A: I used to say, “OK, I’ll do it for $300,” and then pass the hat around. If they get $300 together, I’ll do it. And I might have done it that night, but the microphone wasn’t good enough, and sometimes people take that the wrong way, too. I think it’s funny to say, “I’ll do something for $300.” (Laughs.) But a couple years ago I went on a book tour, and I had a tip jar on my signing table because everyone else has a tip jar, and I figured I’m going to put one out, too. I made $4,000 in tips on my book tour. But some people misinterpreted it. And then it got out that I was charging people to sign their books. I wasn’t charging anything. You know what I mean? It was a tip jar. But people misinterpreted it, and I figured as far as a gimmick, I could only do it on one tour. Plus the problem was that I started hating people who didn’t tip me. I would think, “That cheap son of a (expletive). I just signed two books, and he didn’t give me anything.” You shouldn’t tip someone for signing books! It didn’t work out for me. I didn’t like it, so I never did it again.
Q: One of things that I think makes your work so special is the audiobooks that you do. You have a very unique voice, not just as a writer but as a speaker.
A: I wrote a book called “Squirrel Meets Chipmunk.” I got other people to do some of the reading on the audiobook, just because I wanted other voices on there. I thought people would be excited. You know, (actress and singer) Elaine Stritch was one of the people reading stories. I had Elaine Stritch on my audiobook. I couldn’t believe it. And people complained: “Why didn’t you read them?” I don’t see that at all. I’d much rather listen to Elaine Stritch than listen to me.
Q: Who do you read?
A: I just finished the new book by Lena Dunham. I read the galleys for that. I think it’s coming out in the fall. I loved that. It’s a fantastic essay collection. Her editor asked if I would read it and write a blurb for it, and I was happy to do it. Before that, I read “The Interestings,” which is a fantastic novel by a woman named Meg Wolitzer. Before that, I read Michael Cunningham’s “The Snow Queen.” ... That’s one thing that happens when you go on a book tour. People give you manuscripts and say, “I figured you’d need something to read on the plane,” and I’m like, “Did it never occur to you … just, you know, for one (expletive) minute, that I would want to read what I want to read?” But they give you their manuscripts, and you say, “Thank you so much.”

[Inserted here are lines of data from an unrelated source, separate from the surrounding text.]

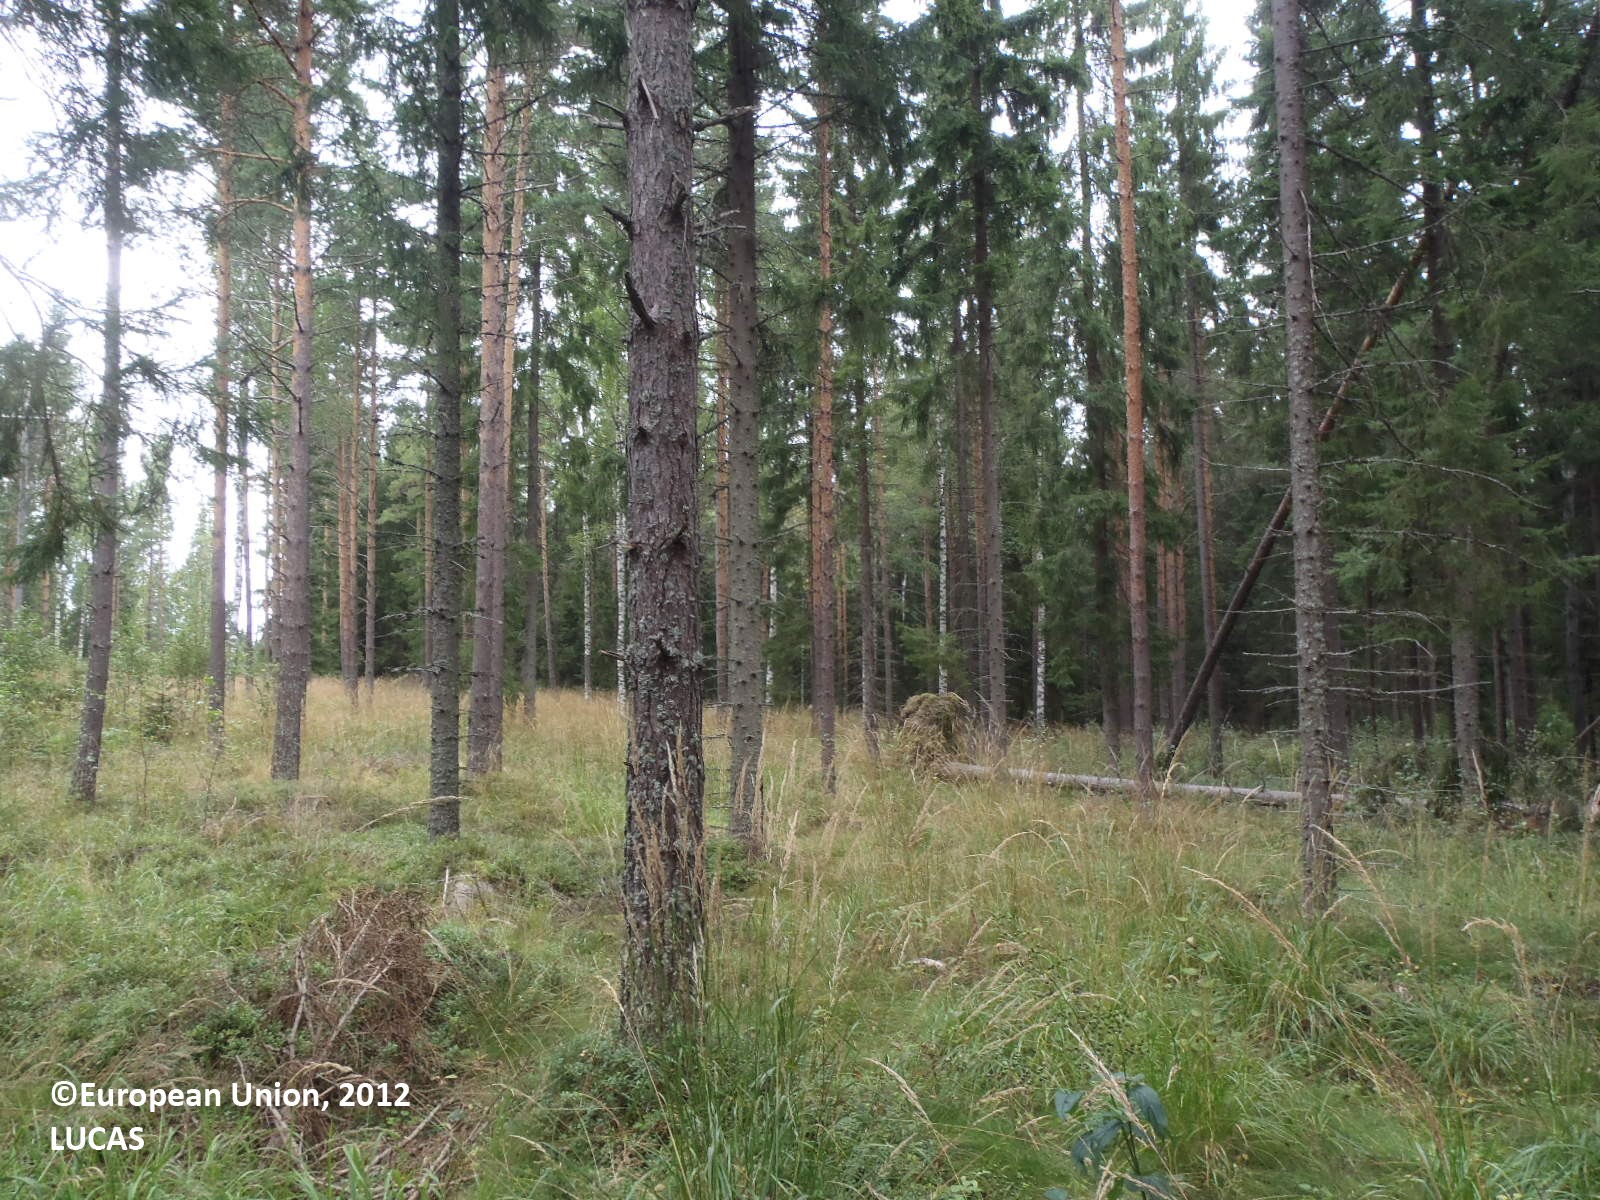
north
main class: Woodland
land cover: Spruce dominated coniferous woodland
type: boreal forest
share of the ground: > 75 %
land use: Forestry
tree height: > 5 m
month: August
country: FI
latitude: 60.7146
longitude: 22.3269

It happens to every writer I know. There are a lot of people out there who are really just desperate to get their book published. That said, most of the people who give you their manuscripts, you know, I read the first paragraph and realize that their talent is for self-promotion, not for writing. It’s sad. But see, I would never in a million years have done that. I would never have gone to a reading and given the author something that I wrote. ... Not that there’s anything wrong with that, but I can forgive anything that I myself have done. So if someone wants to travel around with a paralyzed person and shoplift, I can forgive that, because I’ve done it myself. But if somebody wants to go to a book signing and give the author their manuscript, hoping they will help to get them published, I can’t relate to that.
Meet the author
David Sedaris will read some of his work, sign books and host a question-and-answer session beginning at 7 p.m. Friday at Barnes & Noble, 13800 N May Ave.